There has been a lot of discussion on UK lists recently about the ‘discovery problem’ with federated access management. I think this can actually be translated in to three questions:

1. How do users know which ‘log-in link’ to click on when they are presented with a variety of options such as ‘organisational log-in’, ‘athens log-in’, ‘account log-in’ etc. and which credentials do they use?
2. Can users (and Service Providers) cope with the WAYF approach and should this be federation-centric or service provider-centric?
3. How do institutions ‘brand’ the log-in page they present to users and describe the network or institutional log-in, and can we gain consistency in use of this language?

There are a variety of opinions of how this should be done. Below, I’ve recorded my personal thoughts in relation to this, but I’d be very interested to hear from others…

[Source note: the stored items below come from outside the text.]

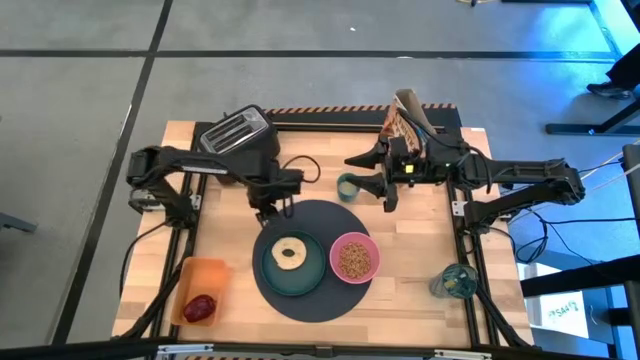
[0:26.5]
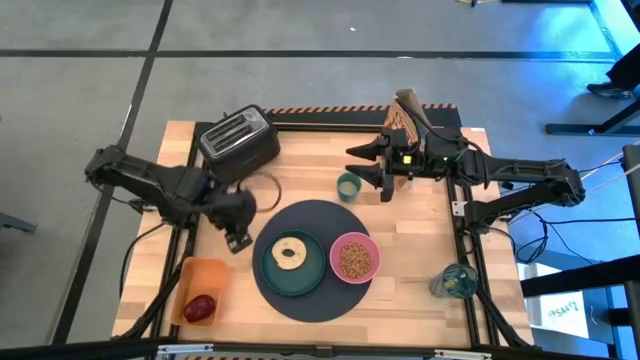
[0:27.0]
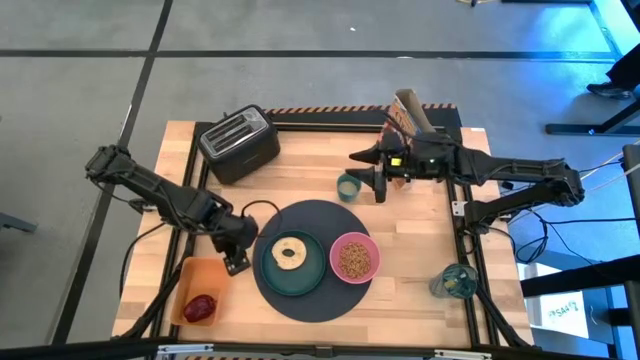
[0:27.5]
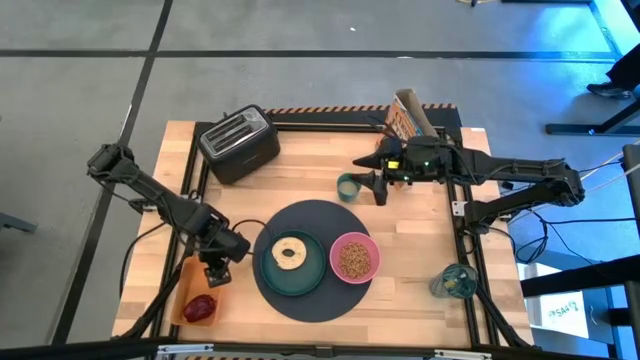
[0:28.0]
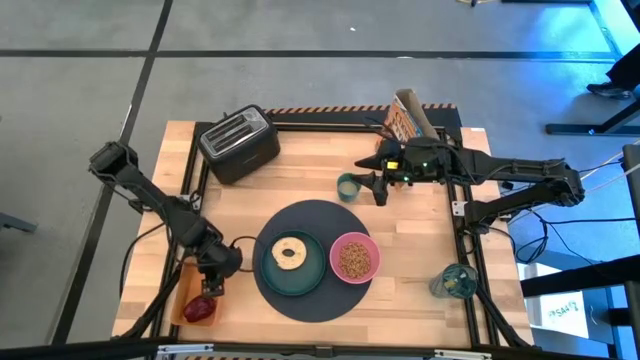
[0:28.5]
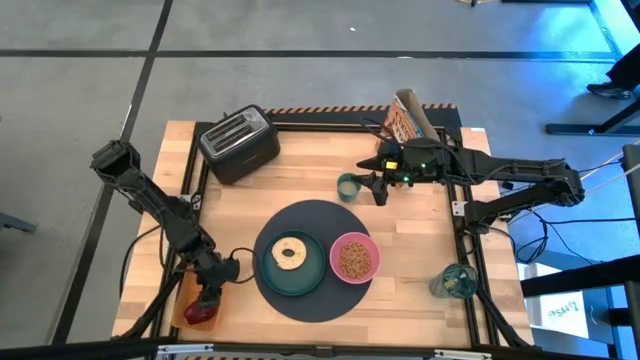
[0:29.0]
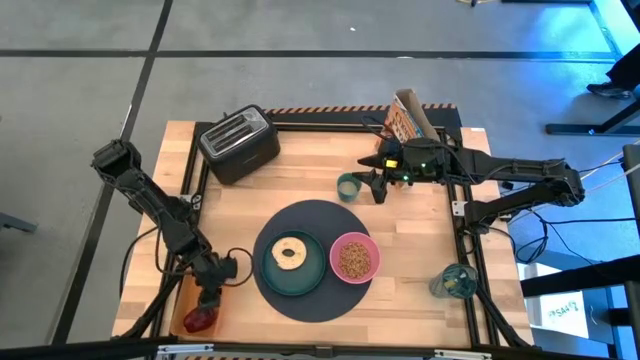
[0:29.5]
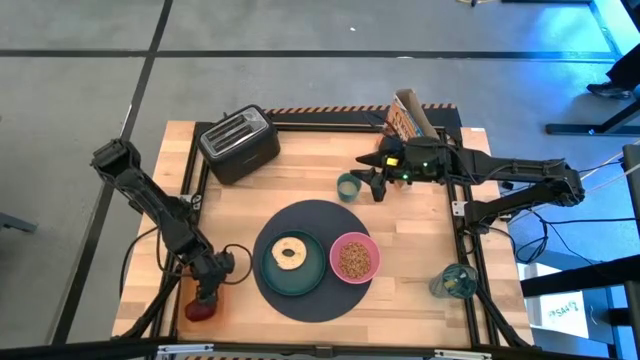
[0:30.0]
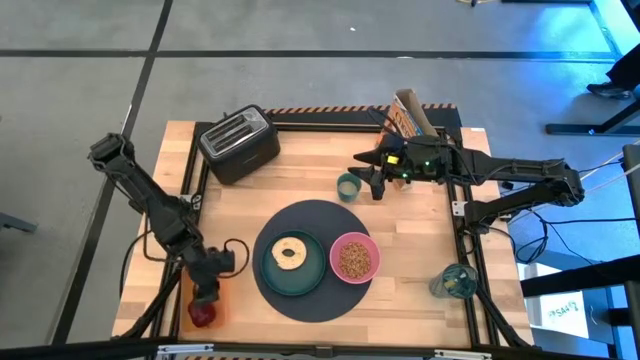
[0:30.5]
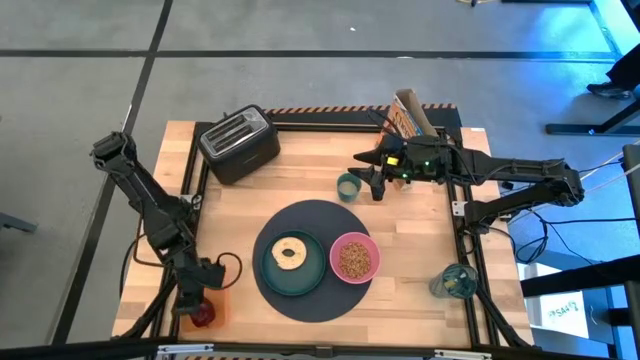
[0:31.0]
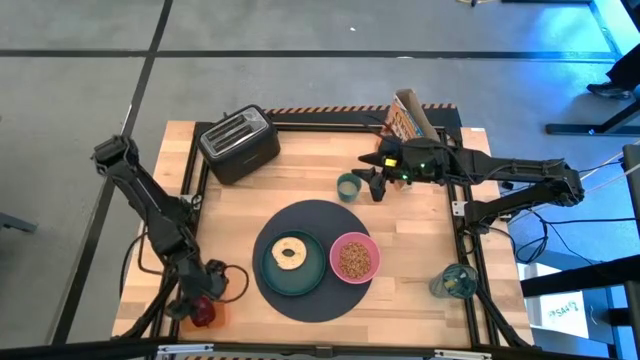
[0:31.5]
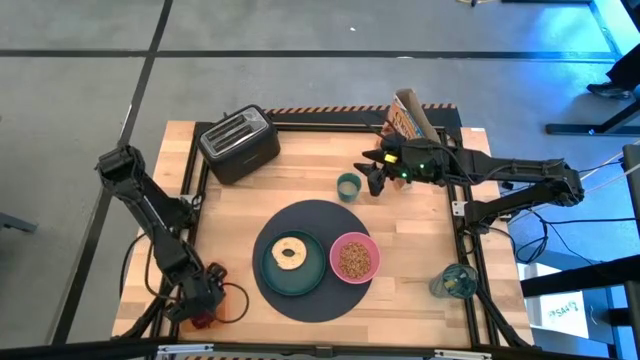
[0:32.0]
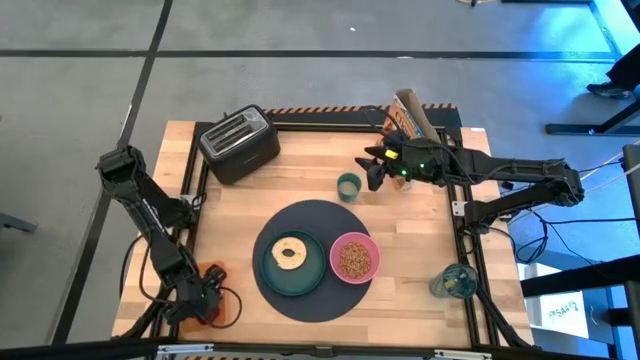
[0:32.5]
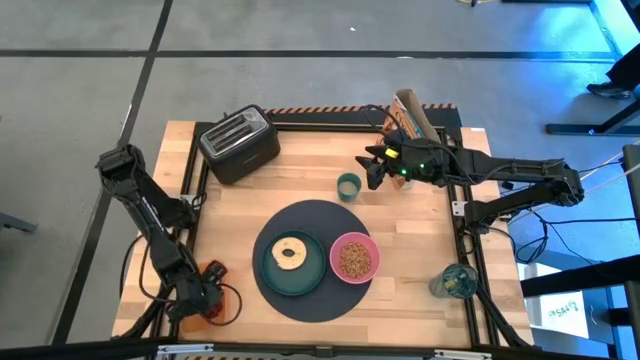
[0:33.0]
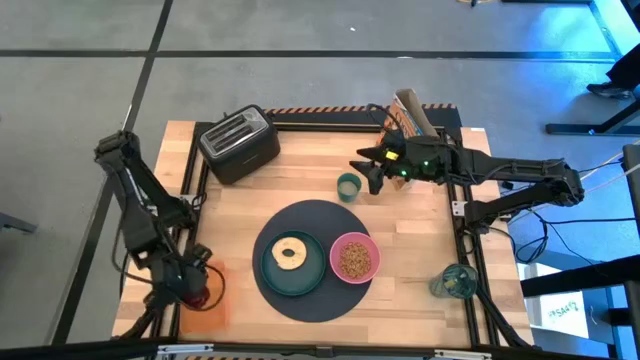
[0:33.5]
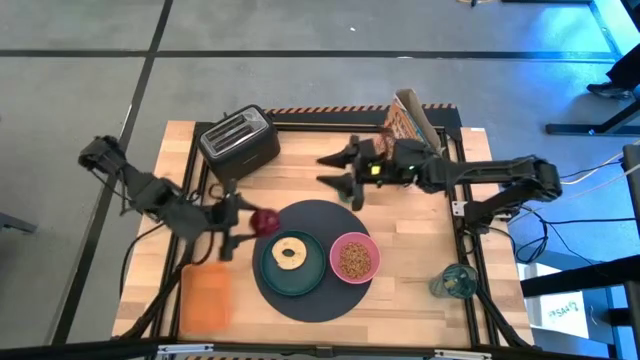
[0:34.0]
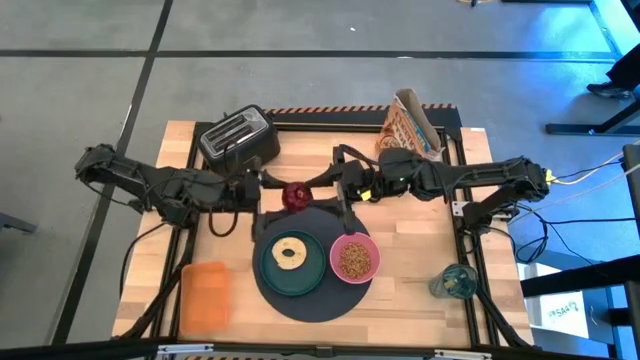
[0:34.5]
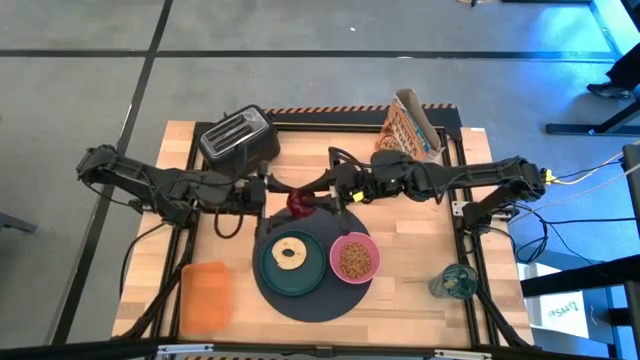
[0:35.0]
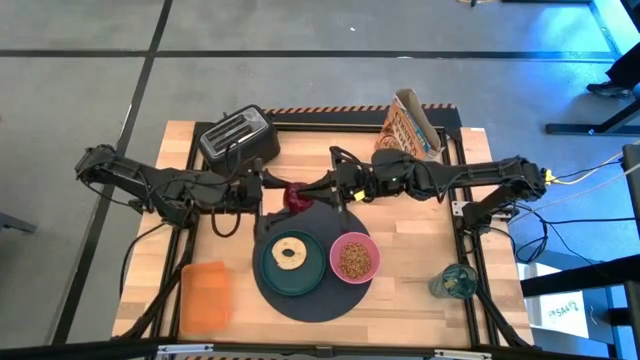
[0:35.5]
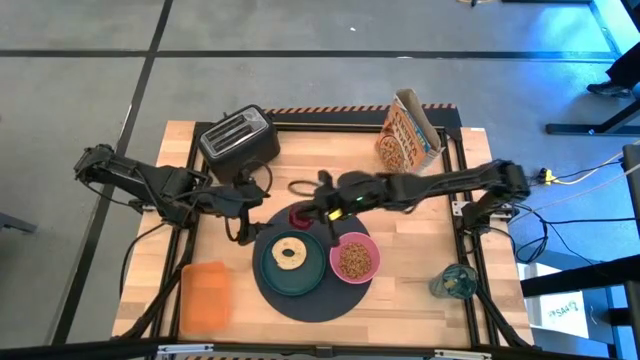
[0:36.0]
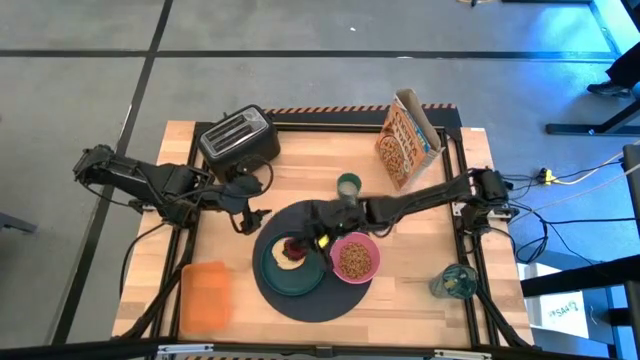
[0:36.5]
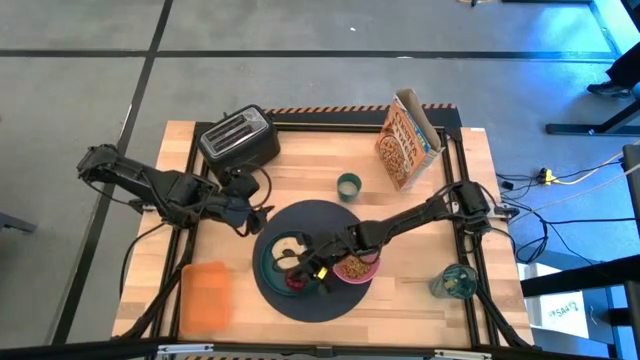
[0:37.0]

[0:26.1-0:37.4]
Task: Arrange a breakfast setting
Put the red apple from the orange bin on top of the green plate on the placemat

• Identity Providers should use institutional branding on log-in pages where-ever possible, and particularly if the credentials for federated access are the same as a user’s typical organisation log-in.
• If an IdP uses different credentials for federated access management, they may wish to consider using UK federation branding to help differentiate. Some guidelines are available here. It is worth considering whether the UK federation will be the custodian of all federated access transactions before making this decision (i.e. internal federated resources, other collaborative resources etc.).
• Use of a centralised, federation-controlled WAYF is clearly not the most effective way of carrying out discovery and should be used as a ‘last resort’ when Identity Providers or Service Providers have no other ways of managing discovery.
• Users like embedded links in institutional repositories / portals, but more work is needed to make the creation and embedding of structured links easier and more maintainable.
• Service Providers should think long and hard about how they present log-in links to users.

I think there is some work for the access management team here…but there are some really good examples of good discovery in action.

From the Identity Provider perspective, I really like the approach taken by Margaret Flett at UCL, as described in her presentation to CPD25.

From the Service Provider perspective, I like the elegance of the SP-side WAYF created by JSTOR, which combines both Athens access and devolved access in to one process.